Add RFC for supporting distributed procedure #12

hantangwangd · 2024-06-11T03:44:25Z

Propose design to expand the current procedure architecture in presto, support defining, registering and calling procedures which need to be executed in a distributed way.

Besides, in order to demonstrate as an example and to figure out the functional boundaries among the different architecture levels, also describe the design for Iceberg to support distributed procedure as well as the design of a specific distributed procedure rewrite_data_files.

rschlussel

This is an interesting feature. do you have thoughts on integrating this for cpp workers as well?

hantangwangd · 2024-06-21T17:57:30Z

@rschlussel Thanks for the comment. Yes, of course we should integrate this for cpp workers if it's proved to be useful and needed.

I think we can take a two-step approach for this. Firstly, we support it on java workers, confirm the feasible of the entire architecture and figure out the best functional boundary division. Then, after that, we can support it on cpp workers following the design and implementation path on java workers. What's your opinion?

aditi-pandit

Thanks @hantangwangd for this RFC. Had couple of comments mainly related to Native execution related impact.

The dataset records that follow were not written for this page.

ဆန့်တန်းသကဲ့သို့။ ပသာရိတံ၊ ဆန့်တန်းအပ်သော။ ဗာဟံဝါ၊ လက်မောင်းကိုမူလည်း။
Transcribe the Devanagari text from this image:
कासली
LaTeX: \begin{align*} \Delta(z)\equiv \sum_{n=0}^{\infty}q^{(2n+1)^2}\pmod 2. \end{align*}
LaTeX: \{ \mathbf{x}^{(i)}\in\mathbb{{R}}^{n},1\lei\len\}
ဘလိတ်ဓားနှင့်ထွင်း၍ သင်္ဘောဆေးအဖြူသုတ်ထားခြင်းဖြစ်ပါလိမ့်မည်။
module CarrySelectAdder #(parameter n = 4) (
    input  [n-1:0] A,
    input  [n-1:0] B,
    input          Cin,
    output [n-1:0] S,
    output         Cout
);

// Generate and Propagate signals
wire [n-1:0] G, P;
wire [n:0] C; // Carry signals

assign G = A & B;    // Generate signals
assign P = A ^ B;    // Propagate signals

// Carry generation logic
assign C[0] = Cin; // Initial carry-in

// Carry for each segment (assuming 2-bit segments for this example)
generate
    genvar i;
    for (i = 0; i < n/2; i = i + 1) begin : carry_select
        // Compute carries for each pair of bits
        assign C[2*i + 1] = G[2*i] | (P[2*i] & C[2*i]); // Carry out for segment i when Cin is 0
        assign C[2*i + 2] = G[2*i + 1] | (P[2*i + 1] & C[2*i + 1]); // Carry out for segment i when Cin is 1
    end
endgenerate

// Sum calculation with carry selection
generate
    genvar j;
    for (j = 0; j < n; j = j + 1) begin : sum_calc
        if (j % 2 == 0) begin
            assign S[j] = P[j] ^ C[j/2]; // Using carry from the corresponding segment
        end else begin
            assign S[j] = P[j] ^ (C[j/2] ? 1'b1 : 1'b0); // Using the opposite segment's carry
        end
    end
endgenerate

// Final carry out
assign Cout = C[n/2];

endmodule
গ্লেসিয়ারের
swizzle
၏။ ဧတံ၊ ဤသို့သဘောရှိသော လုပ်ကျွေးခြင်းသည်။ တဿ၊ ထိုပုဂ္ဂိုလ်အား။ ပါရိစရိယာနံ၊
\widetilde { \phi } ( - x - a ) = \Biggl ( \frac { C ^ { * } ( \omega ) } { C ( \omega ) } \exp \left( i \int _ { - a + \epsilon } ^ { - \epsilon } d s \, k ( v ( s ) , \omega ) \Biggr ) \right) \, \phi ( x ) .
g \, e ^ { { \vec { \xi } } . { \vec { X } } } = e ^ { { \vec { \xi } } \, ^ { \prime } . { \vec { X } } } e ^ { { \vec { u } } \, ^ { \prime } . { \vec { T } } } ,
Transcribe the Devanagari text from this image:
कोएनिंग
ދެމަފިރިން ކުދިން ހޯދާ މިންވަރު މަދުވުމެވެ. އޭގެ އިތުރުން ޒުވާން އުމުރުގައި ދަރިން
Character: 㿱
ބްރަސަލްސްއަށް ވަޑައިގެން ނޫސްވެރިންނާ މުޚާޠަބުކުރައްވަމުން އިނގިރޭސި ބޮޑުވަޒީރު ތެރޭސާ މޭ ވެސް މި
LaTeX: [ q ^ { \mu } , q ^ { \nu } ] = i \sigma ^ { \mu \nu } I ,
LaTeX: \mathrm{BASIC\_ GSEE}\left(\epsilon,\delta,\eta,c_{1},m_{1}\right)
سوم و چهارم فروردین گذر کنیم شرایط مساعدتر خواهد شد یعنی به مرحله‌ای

aditi-pandit · 2024-06-25T22:13:53Z

RFC-0004-support-distributed-procedure.md

+5. Similar to statements such as `create table as`/`insert`/`delete`/`refresh material view` that involve distributed processing, two related SPI methods are defined for `call distributed procedure` statement in the metadata and connector metadata interfaces. `beginCallDistributedProcedure` is used for preparation work before the start of distributed scheduling. And `finishCallDistributedProcedure` is used for transaction commitment after the completion of distributed writing.
+
+
+6. As for a specific connector (such as Iceberg), in the implementation logic of method `beginCallDistributedProcedure` and `finishCallDistributedProcedure` in `ConnectorMetadata`, in addition to accomplish the common logic for this connector (such as starting a transaction, building a transaction context, committing a transaction, etc.), it should also resolve the specified distributed procedure and call its relevant method to execute the procedure-customized logic.


Native vs Java runtimes begin to diverge significantly at this point. For native runtimes its best if the distributed procedure call method is in C++. But that would mean older java procedures would need a rewrite. Do you have any particular ideas on how you will handle this for Native engine ?

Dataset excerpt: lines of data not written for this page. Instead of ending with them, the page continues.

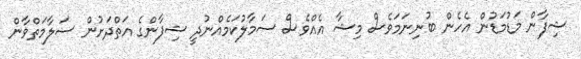
ޝިފާން މަޑުމަޑުން އެހެން ބުނިނަމަވެސް މިޝާ އެއްވެސް ސަމާލުކަމެއްނުދީ ޝިފާންގެ އަތްދަށުން ސަލާމަތްވާން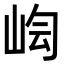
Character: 𡷃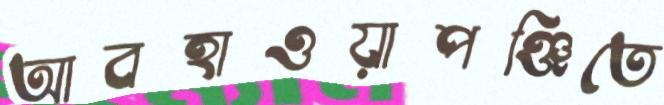
আবহাওয়াপঞ্জিতে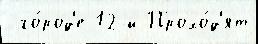
 го́род'е 12-й Прохо́д'ят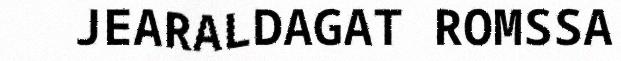
JEARALDAGAT ROMSSA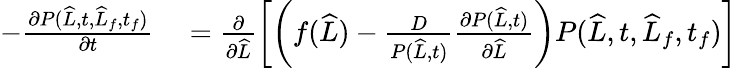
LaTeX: \begin{array}{rl}{-\frac{\partial P(\widehat{L},t,\widehat{L}_{f},t_{f})}{\partial t}}&{{}=\frac{\partial}{\partial\widehat{L}}\left[\left(f(\widehat{L})-\frac{D}{P(\widehat{L},t)}\frac{\partial P(\widehat{L},t)}{\partial\widehat{L}}\right)P(\widehat{L},t,\widehat{L}_{f},t_{f})\right]}\end{array}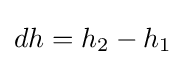
dh=h_{2}-h_{1}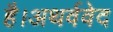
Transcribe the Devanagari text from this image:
है।अथर्ववेद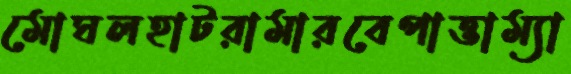
মোঘলহাটরামারবেপাত্তাম্যা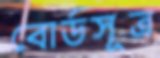
বোর্ডসূত্র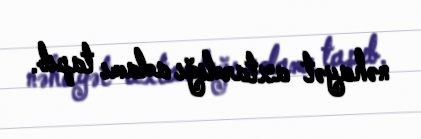
nəhayət axtardığı adamı tapıb.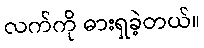
လက်ကို ဓားရှခဲ့တယ်။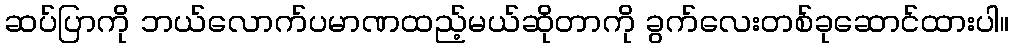
ဆပ်ပြာကို ဘယ်လောက်ပမာဏထည့်မယ်ဆိုတာကို ခွက်လေးတစ်ခုဆောင်ထားပါ။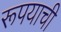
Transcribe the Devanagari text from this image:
रूपयाची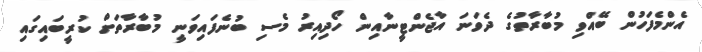
އެންމެފަހުން ބޭއްވި މުބާރާތުގެ ދެވަނަ އާޖެންޓީނާއިން ހޯދިއިރު މެސި ބުނެފައިވަނީ މުބާރާތަށް ކުރީބައިގައި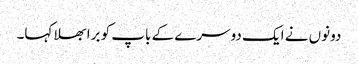
دونوں نے ایک دوسرے کے باپ کو برا بھلا کہا۔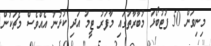
މިނިވަން 50 ފުޓުބޯޅަ މުބާރާތުގައި މާފަރު ޓީމު އަދި ކުޅުނު އެއްވެސް މެޗަކުން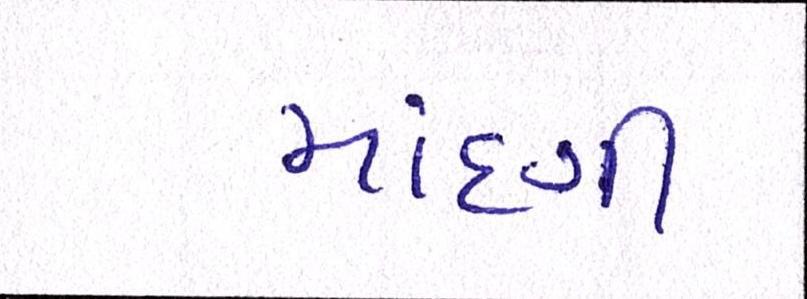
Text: માંદગી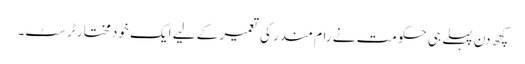
کچھ دن پہلے ہی حکومت نے رام مندر کی تعمیر کے لیے ایک خود مختار ٹرسٹ۔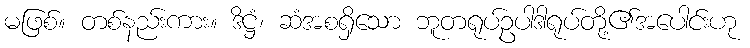
မဖြစ်။ တစ်နည်းကား။ ဒိဋ္ဌံ၊ ဆံအစရှိသော ဘူတရုပ်ဥပါဒါရုပ်တို့၏အပေါင်းဟု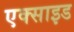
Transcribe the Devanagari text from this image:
एक्साइड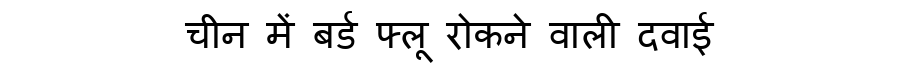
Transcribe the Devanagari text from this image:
चीन में बर्ड फ्लू रोकने वाली दवाई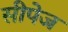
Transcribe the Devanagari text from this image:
सीपेज

Thanks for the comment. Actually, beginCallDistributedProcedure and finishCallDistributedProcedure in ConnectorMetadata are all invoked in coordinator, so native worker do not need to handle them, that is, there is no need in native worker end to resolve the distributed procedures and invoke them.

The non-coordinator worker's responsibility in call distributed procedure is similar to that of insert into or create table as. That is, local planning CallDistributedProcedureNode to a TableWriterOperator with ExecutionWriterTarget, getting corresponding ConnectorPageSink based on this writer target, executing the data writing and finally returning the fragments page to table finish stage.

So I think there is no need to consider this issue, what do you think? Any misunderstand please let me know.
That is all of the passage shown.